They were both sizing each other up; the banter meant nothing. Saba stood unobtrusively – well, unobtrusively for a Barabel – off to the side, waiting for them to make up their minds about each other at this, their first meeting after fighting on opposing sides.

The two humans had known each other for a long time. Upon first meeting, they had hated each other. At their second meeting, things remained the same. The pattern continued unchanged up until the defense of Borleias, during some of what Jag still considered the best moments of the war, despite the battles and suffering. On that planet, and in space above it, they had developed a respect for each other, a respect that – as they simultaneously relaxed and greeted each other properly – apparently still continued.

The three of them wandered the city for the next hour and a half, talking about their lives, updating each other on what had taken place over the past few years.
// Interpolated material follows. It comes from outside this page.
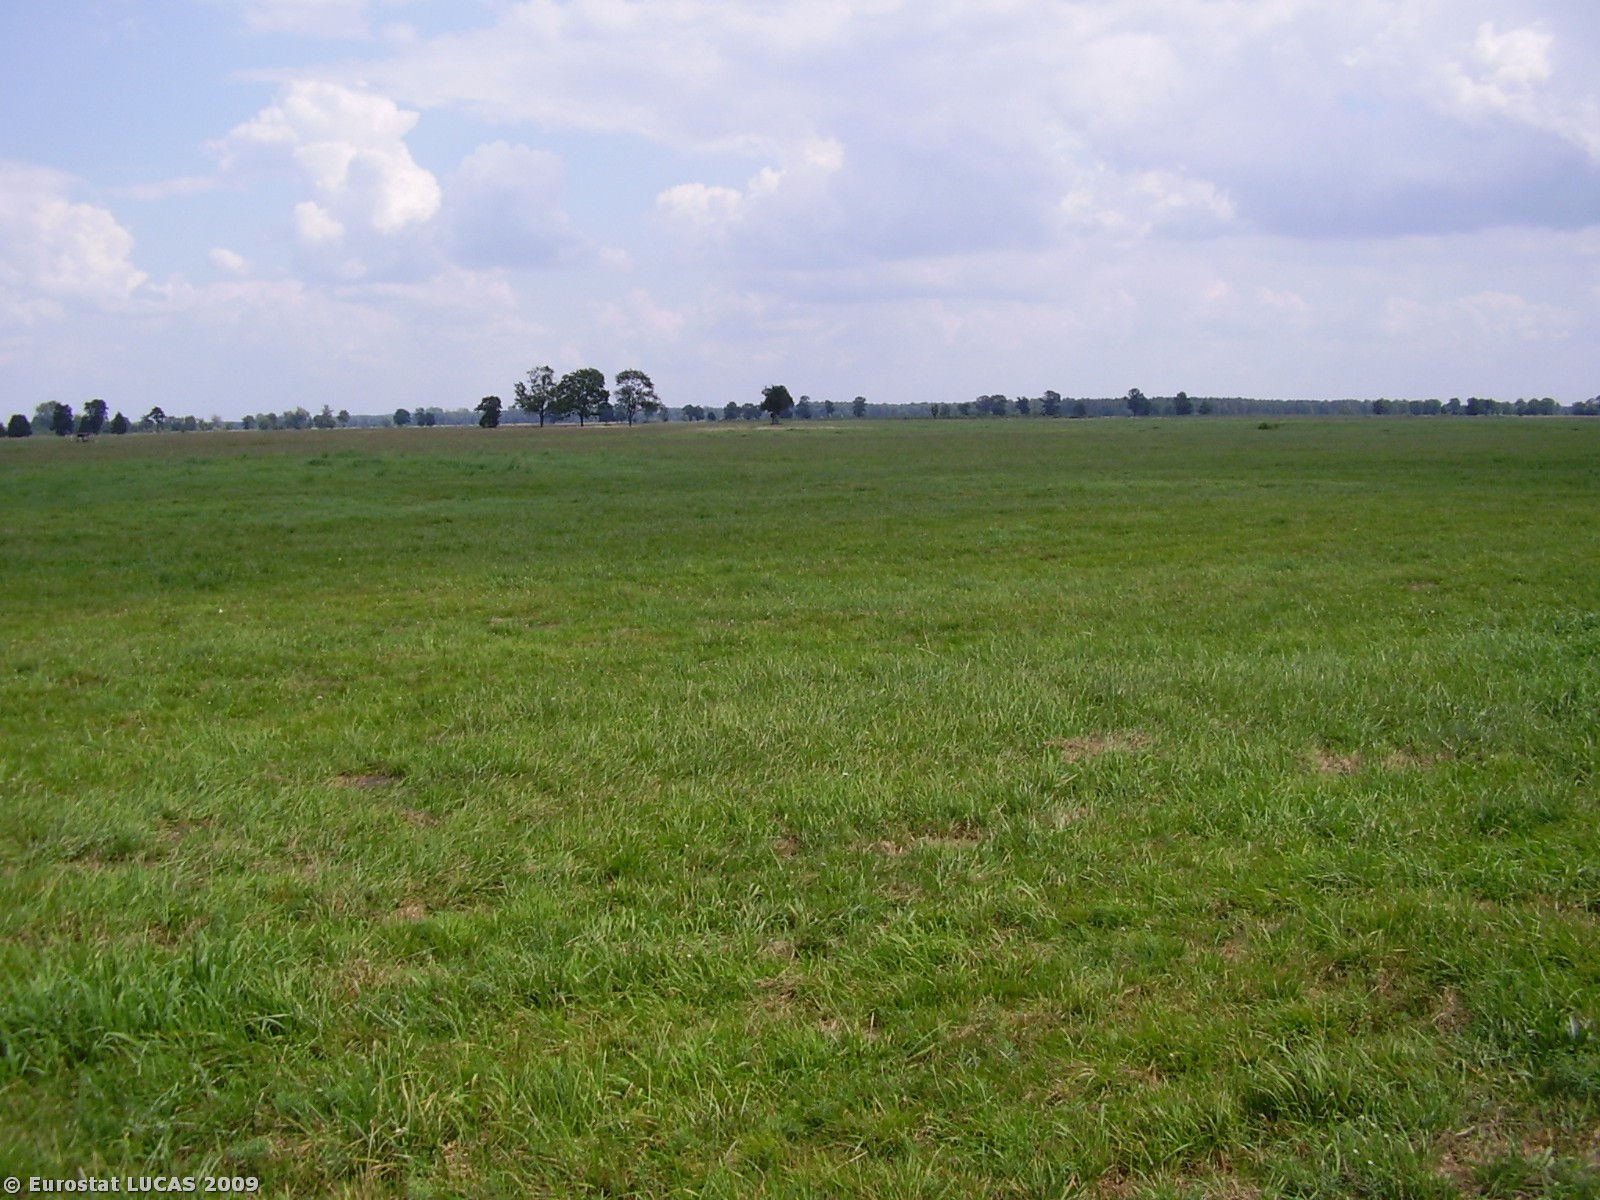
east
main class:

Both sides of the Killik Conflict were shared; events in the GA were related in great detail; and the dichotomy of good and evil was debated, stridently.

Kyp had come to many of the same conclusions Saba had; but his perspective, surprisingly, was rooted more to the events of history than in the present. As they neared the lake that Jag and Saba had been at only a short time before, Kyp concluded, "For millennia, the Jedi followed the Light; but what were they really following? They had made up this Code, one that avoided certain emotions – the emotions that they had identified as ones that could lead an individual to commit 'evil' acts. I won't go back into the definition of evil now, but you know what I'm talking about.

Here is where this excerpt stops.